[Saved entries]
------------------------------------------------

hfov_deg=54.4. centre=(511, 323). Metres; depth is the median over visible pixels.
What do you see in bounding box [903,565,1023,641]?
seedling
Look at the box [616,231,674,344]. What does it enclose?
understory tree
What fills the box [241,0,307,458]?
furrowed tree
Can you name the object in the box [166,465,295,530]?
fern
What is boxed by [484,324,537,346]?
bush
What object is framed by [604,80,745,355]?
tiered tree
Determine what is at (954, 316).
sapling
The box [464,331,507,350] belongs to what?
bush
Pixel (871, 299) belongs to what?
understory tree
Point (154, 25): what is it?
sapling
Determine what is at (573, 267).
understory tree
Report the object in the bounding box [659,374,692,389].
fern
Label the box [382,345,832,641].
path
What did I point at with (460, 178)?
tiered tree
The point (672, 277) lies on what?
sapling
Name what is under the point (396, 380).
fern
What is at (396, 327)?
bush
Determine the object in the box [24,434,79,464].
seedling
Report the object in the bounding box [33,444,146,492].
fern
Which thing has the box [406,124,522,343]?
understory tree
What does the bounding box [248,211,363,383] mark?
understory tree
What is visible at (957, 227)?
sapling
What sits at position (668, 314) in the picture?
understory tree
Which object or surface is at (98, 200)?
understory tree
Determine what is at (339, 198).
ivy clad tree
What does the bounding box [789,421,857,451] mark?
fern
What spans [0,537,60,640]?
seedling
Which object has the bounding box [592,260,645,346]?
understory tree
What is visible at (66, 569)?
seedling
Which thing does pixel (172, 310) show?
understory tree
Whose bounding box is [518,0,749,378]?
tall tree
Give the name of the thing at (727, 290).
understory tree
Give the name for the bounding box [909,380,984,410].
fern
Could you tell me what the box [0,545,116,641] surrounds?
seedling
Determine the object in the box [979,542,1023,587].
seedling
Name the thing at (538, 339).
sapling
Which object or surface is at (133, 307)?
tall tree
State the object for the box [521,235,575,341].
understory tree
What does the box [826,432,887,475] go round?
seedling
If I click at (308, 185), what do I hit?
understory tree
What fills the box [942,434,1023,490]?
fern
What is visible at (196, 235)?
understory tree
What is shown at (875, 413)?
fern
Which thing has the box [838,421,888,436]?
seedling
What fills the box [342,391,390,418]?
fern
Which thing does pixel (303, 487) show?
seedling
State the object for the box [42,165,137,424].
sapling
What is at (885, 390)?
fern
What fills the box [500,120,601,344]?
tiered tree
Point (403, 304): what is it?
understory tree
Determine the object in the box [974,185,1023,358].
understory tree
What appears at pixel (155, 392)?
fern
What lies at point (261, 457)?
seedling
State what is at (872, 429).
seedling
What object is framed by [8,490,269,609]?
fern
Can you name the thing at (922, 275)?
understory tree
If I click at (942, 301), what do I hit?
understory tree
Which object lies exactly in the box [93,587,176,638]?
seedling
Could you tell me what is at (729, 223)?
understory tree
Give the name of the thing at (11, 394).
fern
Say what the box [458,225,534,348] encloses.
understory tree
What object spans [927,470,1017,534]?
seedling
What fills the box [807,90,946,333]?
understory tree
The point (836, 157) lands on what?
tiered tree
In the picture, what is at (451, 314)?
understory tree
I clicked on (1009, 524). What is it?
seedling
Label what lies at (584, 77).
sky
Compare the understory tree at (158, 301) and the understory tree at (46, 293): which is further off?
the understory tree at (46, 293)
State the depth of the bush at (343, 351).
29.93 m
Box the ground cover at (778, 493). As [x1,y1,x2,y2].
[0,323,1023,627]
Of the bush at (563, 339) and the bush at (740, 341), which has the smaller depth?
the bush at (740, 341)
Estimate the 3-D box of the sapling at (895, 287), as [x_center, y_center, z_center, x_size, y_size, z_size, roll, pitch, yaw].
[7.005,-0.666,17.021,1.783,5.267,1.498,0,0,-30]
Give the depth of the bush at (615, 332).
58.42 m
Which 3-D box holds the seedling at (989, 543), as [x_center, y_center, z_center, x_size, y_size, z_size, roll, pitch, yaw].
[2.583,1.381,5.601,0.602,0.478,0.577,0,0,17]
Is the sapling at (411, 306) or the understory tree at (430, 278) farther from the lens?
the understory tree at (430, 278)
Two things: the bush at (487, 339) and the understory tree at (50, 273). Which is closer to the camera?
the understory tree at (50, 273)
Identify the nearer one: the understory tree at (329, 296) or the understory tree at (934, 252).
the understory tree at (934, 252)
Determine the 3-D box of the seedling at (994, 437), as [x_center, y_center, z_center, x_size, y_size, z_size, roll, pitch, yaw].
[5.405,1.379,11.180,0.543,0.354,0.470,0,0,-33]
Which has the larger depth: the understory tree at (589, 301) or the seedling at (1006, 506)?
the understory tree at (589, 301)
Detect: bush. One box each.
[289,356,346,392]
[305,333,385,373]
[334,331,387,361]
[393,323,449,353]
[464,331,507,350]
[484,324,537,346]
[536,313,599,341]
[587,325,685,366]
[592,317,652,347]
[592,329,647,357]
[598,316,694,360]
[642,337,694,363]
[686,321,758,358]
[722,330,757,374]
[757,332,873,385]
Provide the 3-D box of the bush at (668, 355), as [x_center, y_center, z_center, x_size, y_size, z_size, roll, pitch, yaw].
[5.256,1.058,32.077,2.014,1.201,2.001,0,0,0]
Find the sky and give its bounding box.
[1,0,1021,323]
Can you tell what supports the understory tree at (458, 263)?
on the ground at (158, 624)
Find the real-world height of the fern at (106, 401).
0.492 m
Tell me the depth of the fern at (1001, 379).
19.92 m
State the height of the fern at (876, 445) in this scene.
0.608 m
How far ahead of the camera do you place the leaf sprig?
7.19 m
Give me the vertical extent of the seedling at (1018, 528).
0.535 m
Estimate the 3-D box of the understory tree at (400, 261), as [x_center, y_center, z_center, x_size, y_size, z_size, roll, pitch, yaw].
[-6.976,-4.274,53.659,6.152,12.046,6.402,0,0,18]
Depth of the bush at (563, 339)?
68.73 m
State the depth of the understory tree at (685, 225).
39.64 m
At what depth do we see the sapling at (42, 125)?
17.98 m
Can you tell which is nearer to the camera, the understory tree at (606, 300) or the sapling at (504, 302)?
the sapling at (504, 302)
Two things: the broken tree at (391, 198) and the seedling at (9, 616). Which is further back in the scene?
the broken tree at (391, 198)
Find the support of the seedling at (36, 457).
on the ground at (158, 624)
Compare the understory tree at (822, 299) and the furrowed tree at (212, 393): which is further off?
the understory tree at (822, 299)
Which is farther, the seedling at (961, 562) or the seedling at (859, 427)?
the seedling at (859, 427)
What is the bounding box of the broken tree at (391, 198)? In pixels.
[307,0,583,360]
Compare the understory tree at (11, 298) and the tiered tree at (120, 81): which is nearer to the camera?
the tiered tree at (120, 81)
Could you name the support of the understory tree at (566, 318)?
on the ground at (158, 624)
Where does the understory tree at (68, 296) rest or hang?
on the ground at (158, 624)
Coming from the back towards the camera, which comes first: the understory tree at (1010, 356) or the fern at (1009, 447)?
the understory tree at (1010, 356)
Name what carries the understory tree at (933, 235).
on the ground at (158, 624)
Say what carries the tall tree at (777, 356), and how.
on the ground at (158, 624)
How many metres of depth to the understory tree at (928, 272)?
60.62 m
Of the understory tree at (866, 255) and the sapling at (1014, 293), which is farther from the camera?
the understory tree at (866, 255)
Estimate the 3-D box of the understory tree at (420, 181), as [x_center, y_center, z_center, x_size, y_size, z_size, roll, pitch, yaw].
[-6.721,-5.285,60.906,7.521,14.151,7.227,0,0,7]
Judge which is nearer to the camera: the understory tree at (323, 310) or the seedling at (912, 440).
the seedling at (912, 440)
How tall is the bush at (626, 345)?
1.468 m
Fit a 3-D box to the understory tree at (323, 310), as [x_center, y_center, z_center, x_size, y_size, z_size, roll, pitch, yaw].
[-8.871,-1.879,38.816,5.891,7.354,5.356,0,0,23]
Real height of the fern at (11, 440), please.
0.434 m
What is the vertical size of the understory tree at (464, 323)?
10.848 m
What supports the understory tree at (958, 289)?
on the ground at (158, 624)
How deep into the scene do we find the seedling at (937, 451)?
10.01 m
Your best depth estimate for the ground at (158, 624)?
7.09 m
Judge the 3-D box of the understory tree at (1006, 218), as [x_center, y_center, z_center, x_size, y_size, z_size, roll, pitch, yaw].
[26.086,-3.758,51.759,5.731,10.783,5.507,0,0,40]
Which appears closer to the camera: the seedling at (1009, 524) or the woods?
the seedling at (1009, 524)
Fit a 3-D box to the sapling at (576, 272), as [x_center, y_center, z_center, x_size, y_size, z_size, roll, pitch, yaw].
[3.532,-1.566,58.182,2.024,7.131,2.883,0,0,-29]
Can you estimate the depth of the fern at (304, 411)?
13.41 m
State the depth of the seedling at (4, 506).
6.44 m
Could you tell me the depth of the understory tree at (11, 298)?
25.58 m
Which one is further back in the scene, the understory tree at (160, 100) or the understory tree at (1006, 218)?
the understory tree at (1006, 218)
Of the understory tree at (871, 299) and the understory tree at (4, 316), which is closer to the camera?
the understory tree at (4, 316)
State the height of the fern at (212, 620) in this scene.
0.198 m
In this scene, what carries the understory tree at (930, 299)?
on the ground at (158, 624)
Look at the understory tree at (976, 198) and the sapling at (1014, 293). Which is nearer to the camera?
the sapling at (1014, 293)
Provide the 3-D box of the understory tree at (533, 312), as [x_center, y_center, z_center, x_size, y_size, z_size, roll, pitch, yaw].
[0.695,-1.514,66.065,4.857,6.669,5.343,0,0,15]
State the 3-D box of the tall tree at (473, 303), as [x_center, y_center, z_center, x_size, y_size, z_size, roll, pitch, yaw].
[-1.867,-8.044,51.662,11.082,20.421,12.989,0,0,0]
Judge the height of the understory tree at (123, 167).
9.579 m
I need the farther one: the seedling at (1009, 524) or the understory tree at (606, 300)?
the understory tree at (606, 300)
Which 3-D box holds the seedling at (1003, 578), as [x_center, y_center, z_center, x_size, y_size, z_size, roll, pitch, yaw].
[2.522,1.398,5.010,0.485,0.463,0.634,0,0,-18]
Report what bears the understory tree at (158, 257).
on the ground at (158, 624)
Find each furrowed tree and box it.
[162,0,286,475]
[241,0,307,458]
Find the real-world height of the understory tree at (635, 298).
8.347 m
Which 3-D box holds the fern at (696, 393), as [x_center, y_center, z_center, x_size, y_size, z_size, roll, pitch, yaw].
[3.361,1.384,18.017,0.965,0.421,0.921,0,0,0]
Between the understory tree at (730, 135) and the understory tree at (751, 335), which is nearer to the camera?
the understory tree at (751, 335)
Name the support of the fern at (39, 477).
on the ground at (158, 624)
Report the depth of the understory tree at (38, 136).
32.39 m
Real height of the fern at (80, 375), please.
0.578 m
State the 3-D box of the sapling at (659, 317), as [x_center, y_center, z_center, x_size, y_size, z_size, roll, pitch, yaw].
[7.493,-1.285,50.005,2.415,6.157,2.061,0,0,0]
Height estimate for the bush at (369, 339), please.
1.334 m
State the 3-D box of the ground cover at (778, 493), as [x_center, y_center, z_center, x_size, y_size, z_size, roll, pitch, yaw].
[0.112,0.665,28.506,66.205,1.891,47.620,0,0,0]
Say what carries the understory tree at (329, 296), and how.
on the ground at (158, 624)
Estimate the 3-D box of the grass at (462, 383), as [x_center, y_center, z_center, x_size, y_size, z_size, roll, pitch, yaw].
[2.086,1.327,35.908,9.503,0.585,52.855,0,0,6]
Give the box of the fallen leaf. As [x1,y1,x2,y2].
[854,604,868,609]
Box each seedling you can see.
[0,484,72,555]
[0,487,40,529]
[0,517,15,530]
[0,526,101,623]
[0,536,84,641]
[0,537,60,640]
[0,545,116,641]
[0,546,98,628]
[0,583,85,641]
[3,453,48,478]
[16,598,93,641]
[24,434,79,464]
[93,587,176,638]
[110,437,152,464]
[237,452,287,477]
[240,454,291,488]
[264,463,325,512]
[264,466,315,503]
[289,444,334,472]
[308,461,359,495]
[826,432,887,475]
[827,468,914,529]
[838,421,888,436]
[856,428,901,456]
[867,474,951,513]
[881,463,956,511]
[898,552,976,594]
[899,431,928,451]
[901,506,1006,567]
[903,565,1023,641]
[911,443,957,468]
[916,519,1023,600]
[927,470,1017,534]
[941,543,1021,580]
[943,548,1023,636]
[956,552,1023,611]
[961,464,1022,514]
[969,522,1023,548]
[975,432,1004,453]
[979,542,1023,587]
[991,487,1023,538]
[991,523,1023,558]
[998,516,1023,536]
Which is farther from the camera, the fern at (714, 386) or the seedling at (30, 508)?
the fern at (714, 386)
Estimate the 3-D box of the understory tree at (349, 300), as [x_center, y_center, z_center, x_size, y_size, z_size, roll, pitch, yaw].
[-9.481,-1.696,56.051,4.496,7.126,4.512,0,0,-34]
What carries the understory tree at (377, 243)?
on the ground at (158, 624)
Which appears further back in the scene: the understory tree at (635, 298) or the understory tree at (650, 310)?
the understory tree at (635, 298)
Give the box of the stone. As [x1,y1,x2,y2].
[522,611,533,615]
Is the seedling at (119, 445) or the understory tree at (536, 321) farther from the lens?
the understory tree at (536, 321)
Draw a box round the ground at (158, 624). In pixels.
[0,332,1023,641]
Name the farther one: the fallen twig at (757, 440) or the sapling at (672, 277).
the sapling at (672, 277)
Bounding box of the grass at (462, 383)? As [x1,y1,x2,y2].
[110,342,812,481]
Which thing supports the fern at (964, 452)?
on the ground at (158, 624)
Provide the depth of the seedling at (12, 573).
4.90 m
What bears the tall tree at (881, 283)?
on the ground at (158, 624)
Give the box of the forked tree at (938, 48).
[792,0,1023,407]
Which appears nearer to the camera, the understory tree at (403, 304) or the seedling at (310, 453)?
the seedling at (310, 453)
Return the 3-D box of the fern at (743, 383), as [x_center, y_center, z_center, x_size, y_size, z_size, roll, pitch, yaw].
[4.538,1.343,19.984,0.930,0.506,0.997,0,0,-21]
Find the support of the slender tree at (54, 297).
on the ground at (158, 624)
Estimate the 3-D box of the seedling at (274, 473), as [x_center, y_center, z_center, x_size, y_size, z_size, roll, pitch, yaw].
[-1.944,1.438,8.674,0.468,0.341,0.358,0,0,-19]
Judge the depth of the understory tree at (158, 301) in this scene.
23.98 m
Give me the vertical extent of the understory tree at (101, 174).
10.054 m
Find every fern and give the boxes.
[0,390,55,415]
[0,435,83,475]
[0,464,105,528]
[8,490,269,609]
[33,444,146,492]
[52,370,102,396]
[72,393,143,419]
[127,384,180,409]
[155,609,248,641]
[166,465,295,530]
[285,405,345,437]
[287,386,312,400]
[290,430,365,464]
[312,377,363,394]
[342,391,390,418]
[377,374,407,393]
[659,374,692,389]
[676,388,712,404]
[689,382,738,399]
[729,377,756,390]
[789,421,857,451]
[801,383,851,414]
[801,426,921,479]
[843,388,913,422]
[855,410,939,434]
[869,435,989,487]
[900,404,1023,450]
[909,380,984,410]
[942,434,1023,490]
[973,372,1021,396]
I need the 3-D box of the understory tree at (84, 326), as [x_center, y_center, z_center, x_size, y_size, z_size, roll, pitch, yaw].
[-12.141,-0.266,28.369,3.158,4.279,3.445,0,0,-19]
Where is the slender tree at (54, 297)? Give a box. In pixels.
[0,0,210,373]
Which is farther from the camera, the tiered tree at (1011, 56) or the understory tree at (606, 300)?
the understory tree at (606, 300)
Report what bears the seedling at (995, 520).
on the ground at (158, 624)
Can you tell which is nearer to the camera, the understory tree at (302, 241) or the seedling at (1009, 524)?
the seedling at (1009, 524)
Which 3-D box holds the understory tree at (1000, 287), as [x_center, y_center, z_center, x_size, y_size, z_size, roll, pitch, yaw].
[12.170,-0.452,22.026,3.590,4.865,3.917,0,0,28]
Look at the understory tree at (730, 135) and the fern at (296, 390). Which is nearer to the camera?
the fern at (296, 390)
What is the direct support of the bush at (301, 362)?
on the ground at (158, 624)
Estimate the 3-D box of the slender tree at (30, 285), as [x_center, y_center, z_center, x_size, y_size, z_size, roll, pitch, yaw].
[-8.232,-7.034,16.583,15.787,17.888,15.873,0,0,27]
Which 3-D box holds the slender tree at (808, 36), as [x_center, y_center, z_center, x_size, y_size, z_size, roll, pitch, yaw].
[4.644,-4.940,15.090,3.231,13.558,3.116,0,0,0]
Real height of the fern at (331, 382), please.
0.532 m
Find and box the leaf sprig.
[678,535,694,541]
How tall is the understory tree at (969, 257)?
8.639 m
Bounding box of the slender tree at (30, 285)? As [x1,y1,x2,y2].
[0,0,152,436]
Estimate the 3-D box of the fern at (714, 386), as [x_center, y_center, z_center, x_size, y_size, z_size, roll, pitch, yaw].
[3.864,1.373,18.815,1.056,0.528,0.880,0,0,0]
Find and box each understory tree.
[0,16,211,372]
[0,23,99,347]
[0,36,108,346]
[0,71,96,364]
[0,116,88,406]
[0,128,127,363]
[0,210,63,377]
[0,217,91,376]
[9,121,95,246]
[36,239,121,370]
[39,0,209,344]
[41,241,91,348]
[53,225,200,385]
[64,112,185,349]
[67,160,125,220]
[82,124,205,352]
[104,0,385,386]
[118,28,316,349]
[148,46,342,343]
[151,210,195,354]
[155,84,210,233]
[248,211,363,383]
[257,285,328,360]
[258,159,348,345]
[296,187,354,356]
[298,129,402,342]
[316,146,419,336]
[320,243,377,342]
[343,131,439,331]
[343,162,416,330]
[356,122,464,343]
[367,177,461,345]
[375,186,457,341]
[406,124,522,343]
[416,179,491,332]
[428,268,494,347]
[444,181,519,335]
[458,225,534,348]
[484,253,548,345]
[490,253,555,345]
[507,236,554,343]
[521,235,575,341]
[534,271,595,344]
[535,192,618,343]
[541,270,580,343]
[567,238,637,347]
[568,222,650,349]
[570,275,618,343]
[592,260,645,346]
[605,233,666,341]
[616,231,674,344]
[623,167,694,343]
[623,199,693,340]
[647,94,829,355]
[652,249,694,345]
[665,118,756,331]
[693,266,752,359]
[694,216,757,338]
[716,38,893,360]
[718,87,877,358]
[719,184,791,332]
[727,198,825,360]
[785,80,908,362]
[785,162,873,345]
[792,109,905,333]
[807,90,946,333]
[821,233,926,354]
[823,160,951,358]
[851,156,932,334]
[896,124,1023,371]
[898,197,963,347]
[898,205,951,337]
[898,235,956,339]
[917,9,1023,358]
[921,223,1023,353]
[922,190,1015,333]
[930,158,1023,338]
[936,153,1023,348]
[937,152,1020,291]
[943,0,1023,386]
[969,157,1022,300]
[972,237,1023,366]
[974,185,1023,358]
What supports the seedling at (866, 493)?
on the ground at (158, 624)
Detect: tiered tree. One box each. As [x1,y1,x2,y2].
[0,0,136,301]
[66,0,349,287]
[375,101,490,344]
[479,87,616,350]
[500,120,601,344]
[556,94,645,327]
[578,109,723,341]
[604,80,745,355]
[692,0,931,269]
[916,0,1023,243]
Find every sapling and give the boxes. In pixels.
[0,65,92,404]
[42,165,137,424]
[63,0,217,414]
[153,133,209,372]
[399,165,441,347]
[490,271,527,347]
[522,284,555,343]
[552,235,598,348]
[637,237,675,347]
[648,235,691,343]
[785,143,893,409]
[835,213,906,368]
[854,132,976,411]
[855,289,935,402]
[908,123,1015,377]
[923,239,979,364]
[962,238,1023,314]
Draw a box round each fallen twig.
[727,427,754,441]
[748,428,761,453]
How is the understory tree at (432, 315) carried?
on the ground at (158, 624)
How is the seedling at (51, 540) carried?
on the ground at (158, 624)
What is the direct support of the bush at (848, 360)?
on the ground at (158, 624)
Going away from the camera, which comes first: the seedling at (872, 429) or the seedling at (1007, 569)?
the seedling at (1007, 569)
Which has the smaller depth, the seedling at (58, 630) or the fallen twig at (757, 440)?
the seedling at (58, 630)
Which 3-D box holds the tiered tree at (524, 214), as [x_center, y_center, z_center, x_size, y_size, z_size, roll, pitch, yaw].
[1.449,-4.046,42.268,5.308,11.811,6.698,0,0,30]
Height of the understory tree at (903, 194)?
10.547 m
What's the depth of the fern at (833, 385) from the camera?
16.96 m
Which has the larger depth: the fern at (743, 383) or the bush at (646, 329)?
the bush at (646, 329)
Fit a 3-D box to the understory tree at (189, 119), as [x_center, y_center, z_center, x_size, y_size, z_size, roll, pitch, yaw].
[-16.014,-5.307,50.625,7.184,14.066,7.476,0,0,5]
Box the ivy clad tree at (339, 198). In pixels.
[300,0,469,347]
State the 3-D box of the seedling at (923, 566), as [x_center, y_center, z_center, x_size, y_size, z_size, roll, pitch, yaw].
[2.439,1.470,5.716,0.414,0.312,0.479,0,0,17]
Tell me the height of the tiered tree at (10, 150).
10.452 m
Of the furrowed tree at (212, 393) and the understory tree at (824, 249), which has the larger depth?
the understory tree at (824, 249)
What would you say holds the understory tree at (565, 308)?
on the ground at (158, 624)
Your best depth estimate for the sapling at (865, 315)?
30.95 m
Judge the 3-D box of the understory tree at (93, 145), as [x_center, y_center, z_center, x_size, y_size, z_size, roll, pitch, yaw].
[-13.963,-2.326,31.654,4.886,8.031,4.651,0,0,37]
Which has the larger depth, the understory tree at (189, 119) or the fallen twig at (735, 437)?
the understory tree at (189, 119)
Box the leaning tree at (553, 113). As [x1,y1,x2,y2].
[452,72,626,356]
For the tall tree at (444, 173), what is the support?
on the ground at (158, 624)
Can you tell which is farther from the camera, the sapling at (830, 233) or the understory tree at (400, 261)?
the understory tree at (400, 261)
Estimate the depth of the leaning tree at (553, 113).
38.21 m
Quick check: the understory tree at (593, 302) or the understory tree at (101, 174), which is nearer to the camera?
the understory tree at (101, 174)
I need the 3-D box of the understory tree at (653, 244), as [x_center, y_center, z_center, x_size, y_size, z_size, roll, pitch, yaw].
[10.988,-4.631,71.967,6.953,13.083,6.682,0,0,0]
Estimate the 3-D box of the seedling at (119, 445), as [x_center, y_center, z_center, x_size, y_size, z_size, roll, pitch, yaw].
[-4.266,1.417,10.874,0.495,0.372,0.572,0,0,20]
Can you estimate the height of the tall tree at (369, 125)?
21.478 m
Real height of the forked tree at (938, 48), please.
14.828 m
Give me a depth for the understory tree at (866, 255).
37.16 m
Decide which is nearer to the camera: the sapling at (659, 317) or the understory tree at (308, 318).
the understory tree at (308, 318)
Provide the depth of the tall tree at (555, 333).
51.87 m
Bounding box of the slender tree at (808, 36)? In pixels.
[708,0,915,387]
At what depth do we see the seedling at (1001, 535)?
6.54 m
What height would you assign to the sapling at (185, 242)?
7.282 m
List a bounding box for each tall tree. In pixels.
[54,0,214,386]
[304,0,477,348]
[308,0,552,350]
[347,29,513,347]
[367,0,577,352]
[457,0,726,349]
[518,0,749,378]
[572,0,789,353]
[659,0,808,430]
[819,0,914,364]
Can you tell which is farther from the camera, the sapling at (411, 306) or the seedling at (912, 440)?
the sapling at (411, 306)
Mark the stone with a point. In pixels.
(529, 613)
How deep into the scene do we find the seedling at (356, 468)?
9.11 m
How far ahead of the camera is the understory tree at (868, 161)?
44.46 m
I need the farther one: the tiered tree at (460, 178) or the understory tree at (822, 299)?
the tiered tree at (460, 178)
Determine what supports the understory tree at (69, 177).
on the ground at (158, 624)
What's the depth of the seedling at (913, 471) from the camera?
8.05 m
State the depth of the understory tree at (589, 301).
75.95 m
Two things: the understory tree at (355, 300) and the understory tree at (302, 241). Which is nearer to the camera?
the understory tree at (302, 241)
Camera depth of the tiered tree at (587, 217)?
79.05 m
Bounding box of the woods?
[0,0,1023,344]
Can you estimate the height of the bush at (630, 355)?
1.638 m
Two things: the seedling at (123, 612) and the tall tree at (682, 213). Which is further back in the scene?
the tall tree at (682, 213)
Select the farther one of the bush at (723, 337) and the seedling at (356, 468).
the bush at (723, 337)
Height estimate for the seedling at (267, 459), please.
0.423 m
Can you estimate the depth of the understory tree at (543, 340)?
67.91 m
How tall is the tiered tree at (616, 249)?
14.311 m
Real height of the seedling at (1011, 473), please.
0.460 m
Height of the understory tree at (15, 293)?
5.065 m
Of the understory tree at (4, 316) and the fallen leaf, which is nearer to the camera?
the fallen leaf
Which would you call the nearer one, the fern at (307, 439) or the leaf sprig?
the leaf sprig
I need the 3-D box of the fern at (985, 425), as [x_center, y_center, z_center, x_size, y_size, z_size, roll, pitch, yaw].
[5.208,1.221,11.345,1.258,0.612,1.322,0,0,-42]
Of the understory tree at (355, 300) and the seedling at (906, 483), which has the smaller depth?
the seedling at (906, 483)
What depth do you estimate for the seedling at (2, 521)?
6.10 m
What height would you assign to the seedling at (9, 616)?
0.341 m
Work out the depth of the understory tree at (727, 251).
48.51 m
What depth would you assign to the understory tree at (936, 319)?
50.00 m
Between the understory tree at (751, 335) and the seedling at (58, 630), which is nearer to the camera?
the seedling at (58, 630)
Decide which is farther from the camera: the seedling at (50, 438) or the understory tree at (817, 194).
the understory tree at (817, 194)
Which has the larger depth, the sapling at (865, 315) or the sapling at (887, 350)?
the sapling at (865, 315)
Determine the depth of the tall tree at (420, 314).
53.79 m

------------------------------------------------

■ **WORK TASK**: For the records above, tally the lines in which "please" appears, and give the number by itself.

■ **TASK ANSWER**: 7